Requirement
Could you restate every entry word for word, leaving the pictures out?

Task data
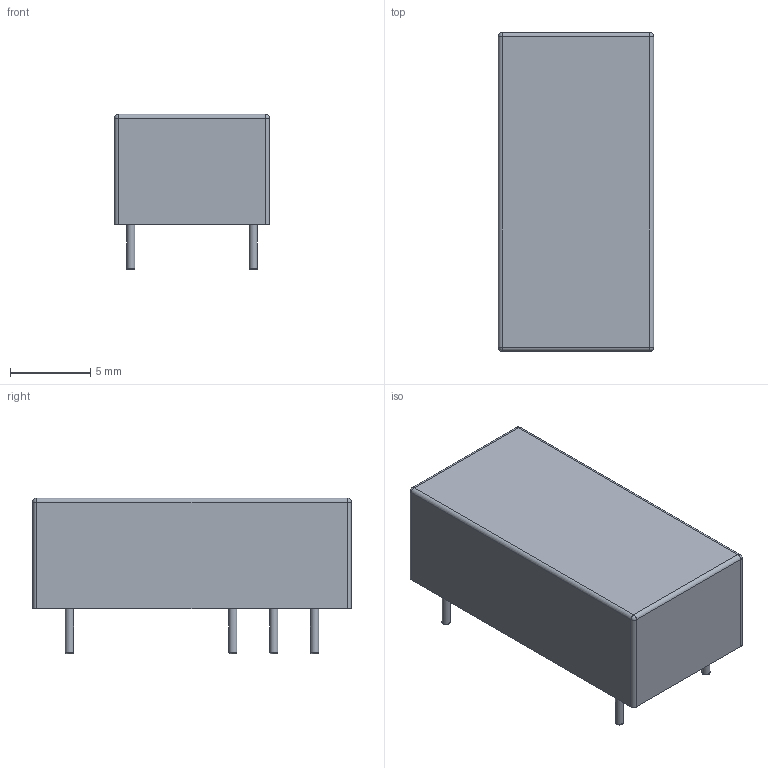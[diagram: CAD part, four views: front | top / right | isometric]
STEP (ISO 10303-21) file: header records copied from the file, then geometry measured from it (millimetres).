
FILE_DESCRIPTION(/* description */ ('model of Converter_DCDC_XP_POWER-IHxxxxDH_THT'),/* implementation_level */ '2;1');
FILE_NAME(/* name */ 'Converter_DCDC_XP_POWER-IHxxxxDH_THT.step',/* time_stamp */ '2019-01-25T15:53:39',/* author */ ('kicad StepUp','ksu'),/* organization */ ('FreeCAD'),/* preprocessor_version */ 'OCC',/* originating_system */ 'kicad StepUp',/* authorisation */ '');
FILE_SCHEMA(('AUTOMOTIVE_DESIGN { 1 0 10303 214 1 1 1 1 }'));
Length unit declared in the file: millimetre
Products named in the file (1): Converter_DCDC_XP_POWER_IHxxxxDH_THT
Bounding box: 9.66 x 19.82 x 9.67 mm (x, y, z)
Volume: 1319.5 mm3; surface area: 805.6 mm2
Topology: 1 solids, 1 shells, 36 faces, 70 edges, 38 vertices
Faces by surface type: cylinder 14, plane 12, torus 6, sphere 4
Full cylindrical faces by diameter (mm): 0.51 x6
Entity records: 696 total; most frequent: ORIENTED_EDGE 106, CARTESIAN_POINT 92, AXIS2_PLACEMENT_3D 73, EDGE_CURVE 66, FACE_BOUND 42, EDGE_LOOP 42, CIRCLE 40, VERTEX_POINT 38

Result
[diagram: CAD part, four views: front | top / right | isometric]
STEP (ISO 10303-21) file: header records copied from the file, then geometry measured from it (millimetres).
FILE_DESCRIPTION(/* description */ ('model of Converter_DCDC_XP_POWER-IHxxxxDH_THT'),/* implementation_level */ '2;1');
FILE_NAME(/* name */ 'Converter_DCDC_XP_POWER-IHxxxxDH_THT.step',/* time_stamp */ '2019-01-25T15:53:39',/* author */ ('kicad StepUp','ksu'),/* organization */ ('FreeCAD'),/* preprocessor_version */ 'OCC',/* originating_system */ 'kicad StepUp',/* authorisation */ '');
FILE_SCHEMA(('AUTOMOTIVE_DESIGN { 1 0 10303 214 1 1 1 1 }'));
Length unit declared in the file: millimetre
Products named in the file (1): Converter_DCDC_XP_POWER_IHxxxxDH_THT
Bounding box: 9.66 x 19.82 x 9.67 mm (x, y, z)
Volume: 1319.5 mm3; surface area: 805.6 mm2
Topology: 1 solids, 1 shells, 36 faces, 70 edges, 38 vertices
Faces by surface type: cylinder 14, plane 12, torus 6, sphere 4
Full cylindrical faces by diameter (mm): 0.51 x6
Entity records: 696 total; most frequent: ORIENTED_EDGE 106, CARTESIAN_POINT 92, AXIS2_PLACEMENT_3D 73, EDGE_CURVE 66, FACE_BOUND 42, EDGE_LOOP 42, CIRCLE 40, VERTEX_POINT 38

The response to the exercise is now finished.